-------- THE INPUT --------

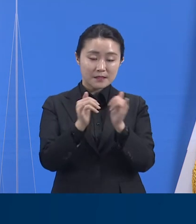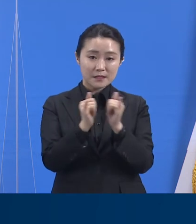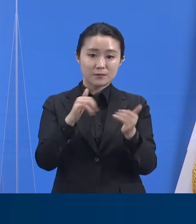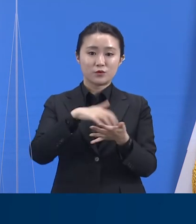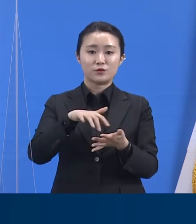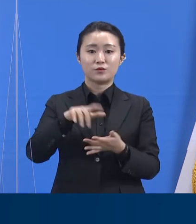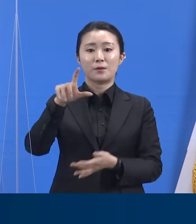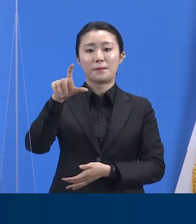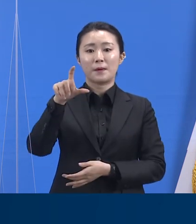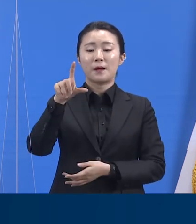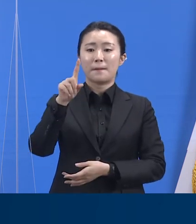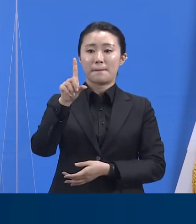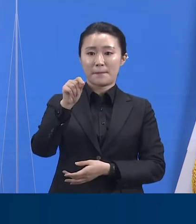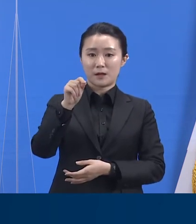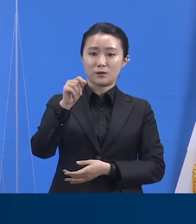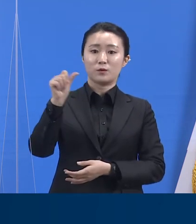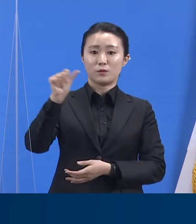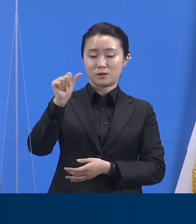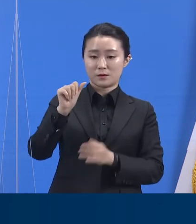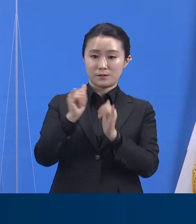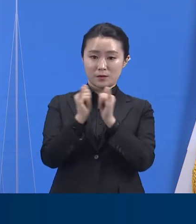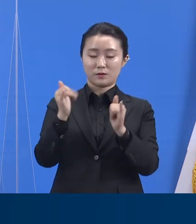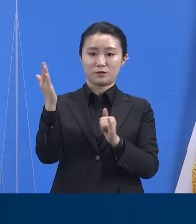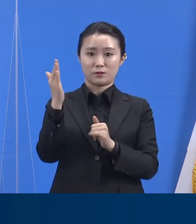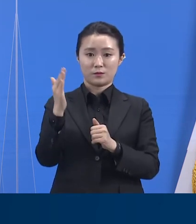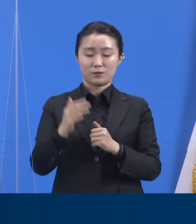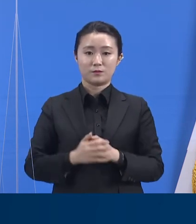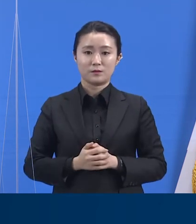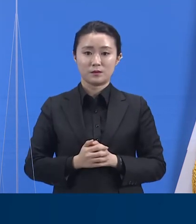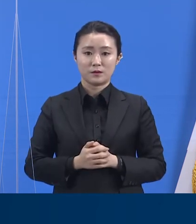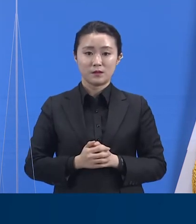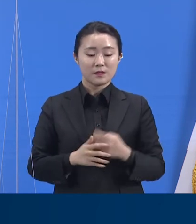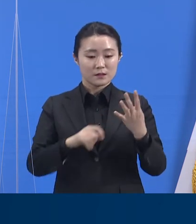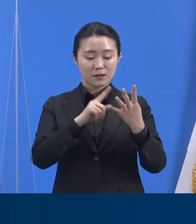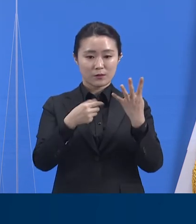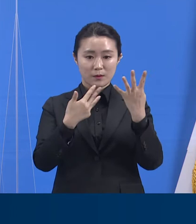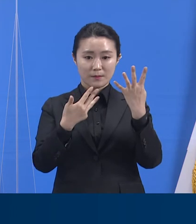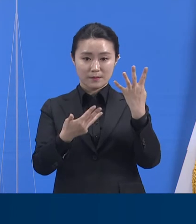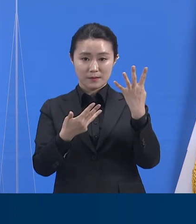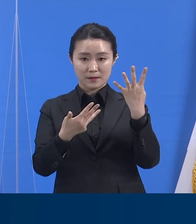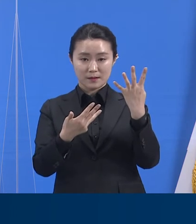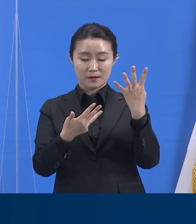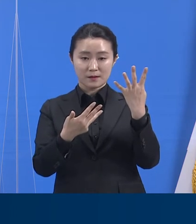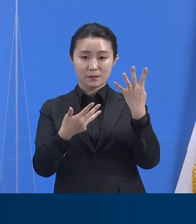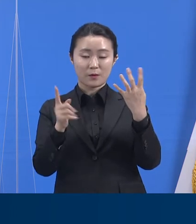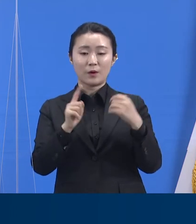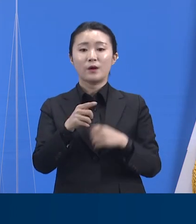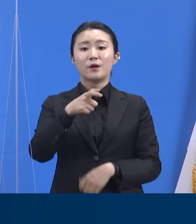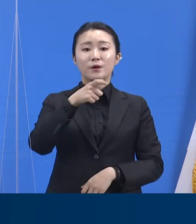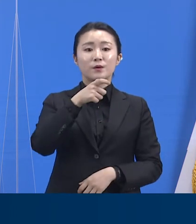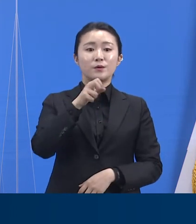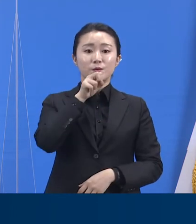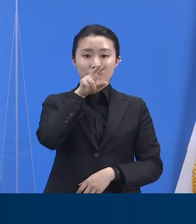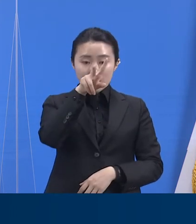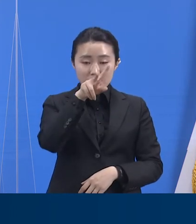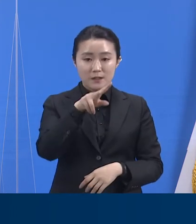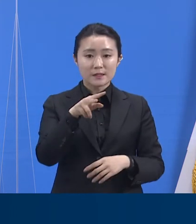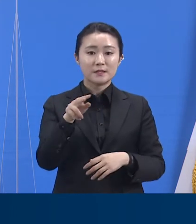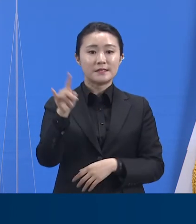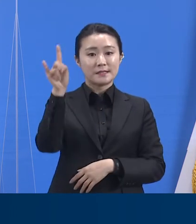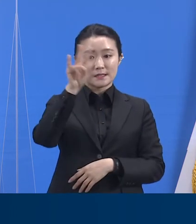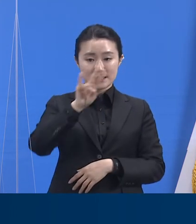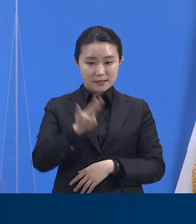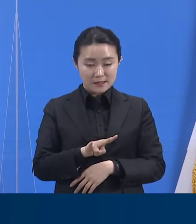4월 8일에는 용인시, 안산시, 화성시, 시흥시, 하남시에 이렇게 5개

--------
-------- THE INPUT --------

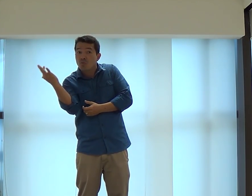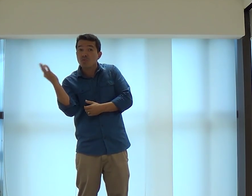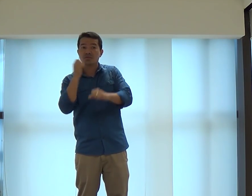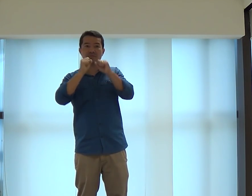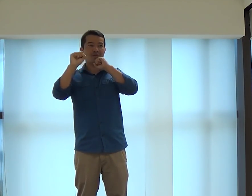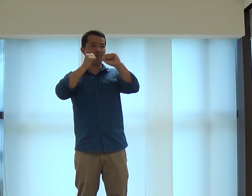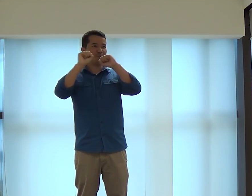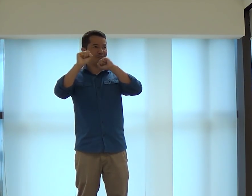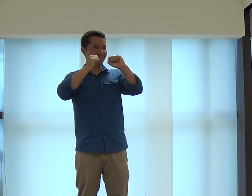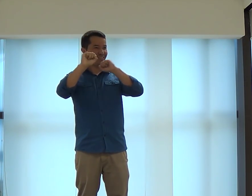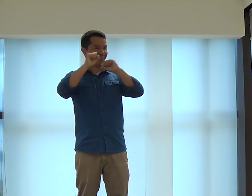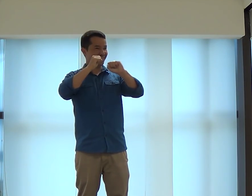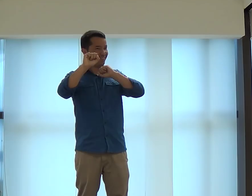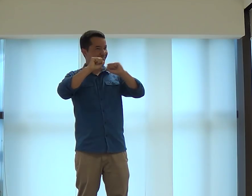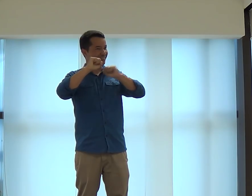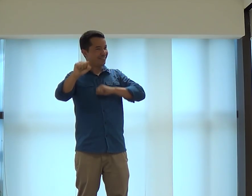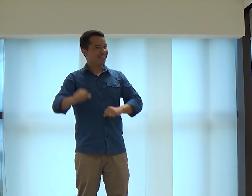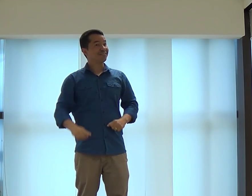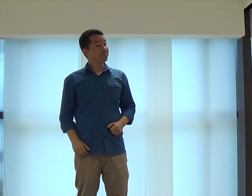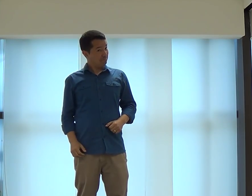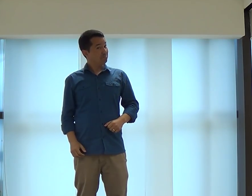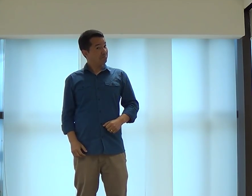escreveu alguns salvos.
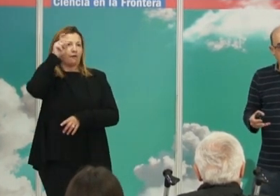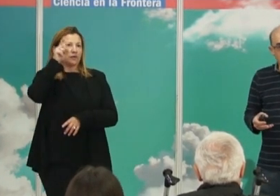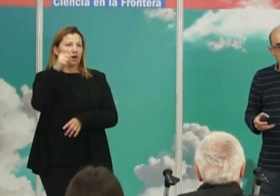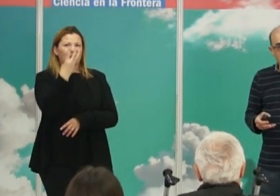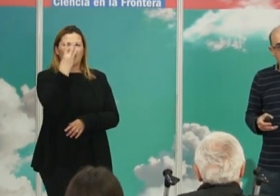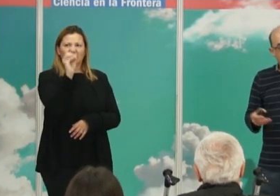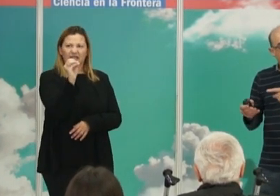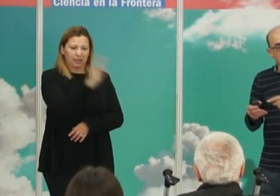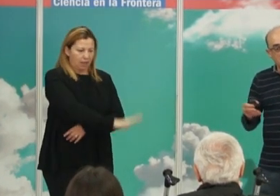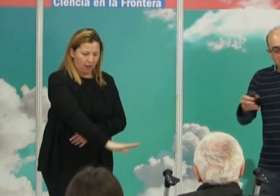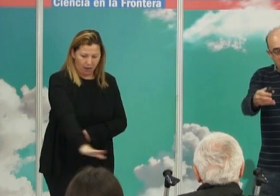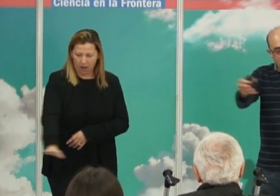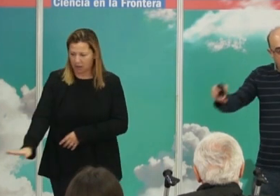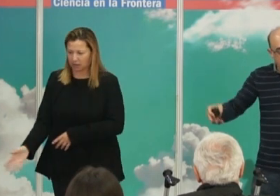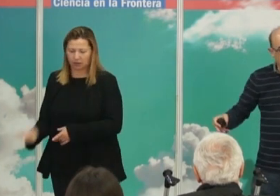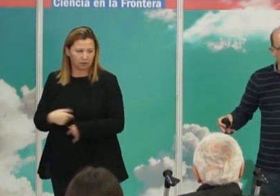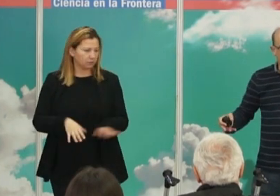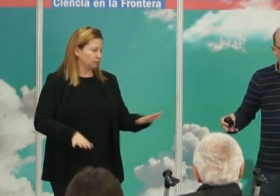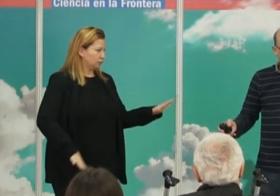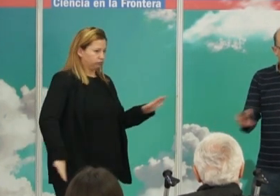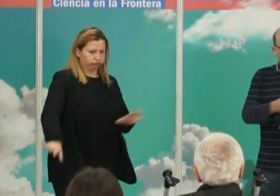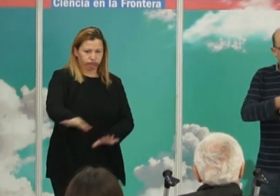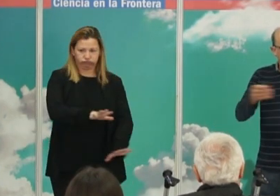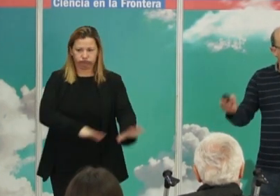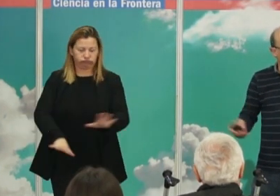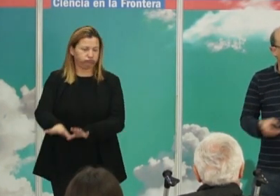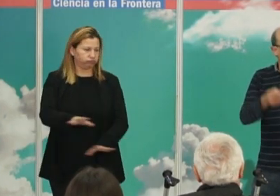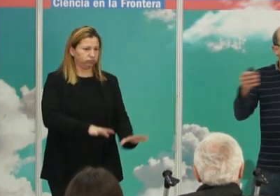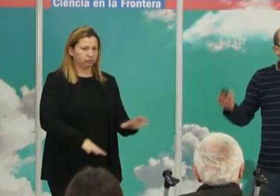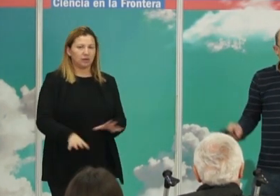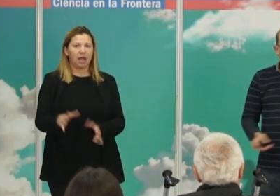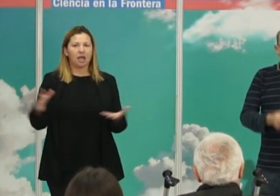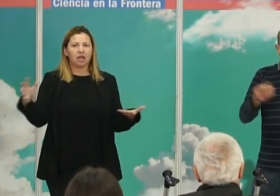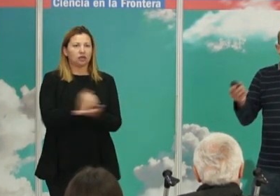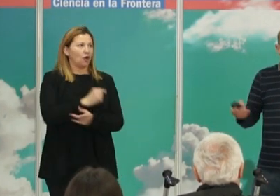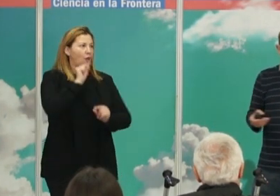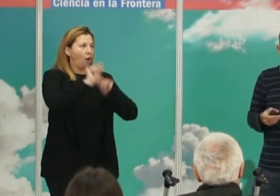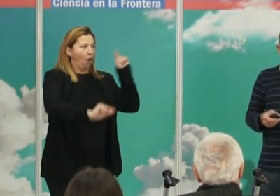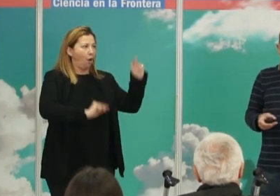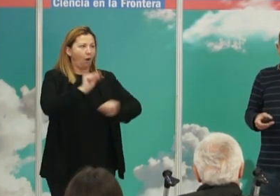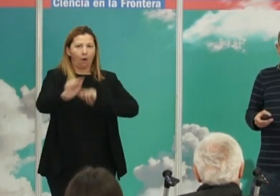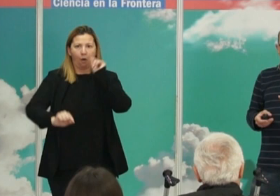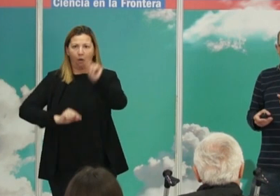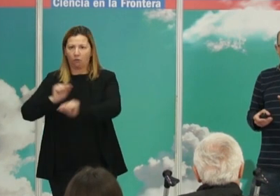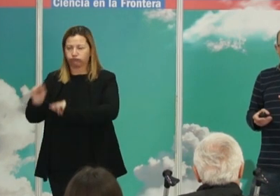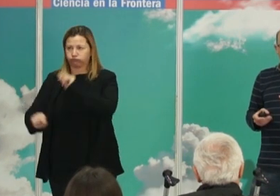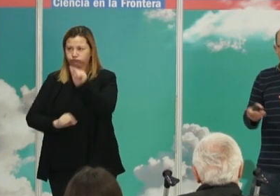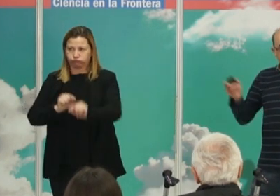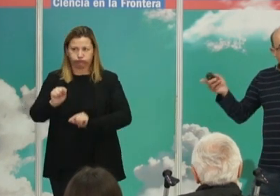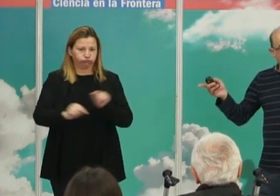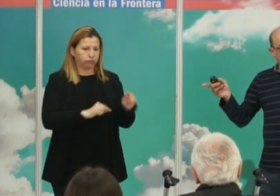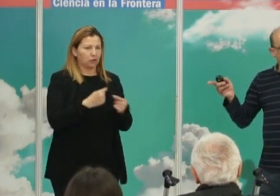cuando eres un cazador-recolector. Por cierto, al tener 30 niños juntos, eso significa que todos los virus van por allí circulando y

--------

The line holding "escreveu alguns salvos." starts the copy and the line holding "cuando eres un" ends it. Repeat those two lines above and all between them exactly, leaving out pictures.

escreveu alguns salvos.
cuando eres un cazador-recolector. Por cierto, al tener 30 niños juntos, eso significa que todos los virus van por allí circulando y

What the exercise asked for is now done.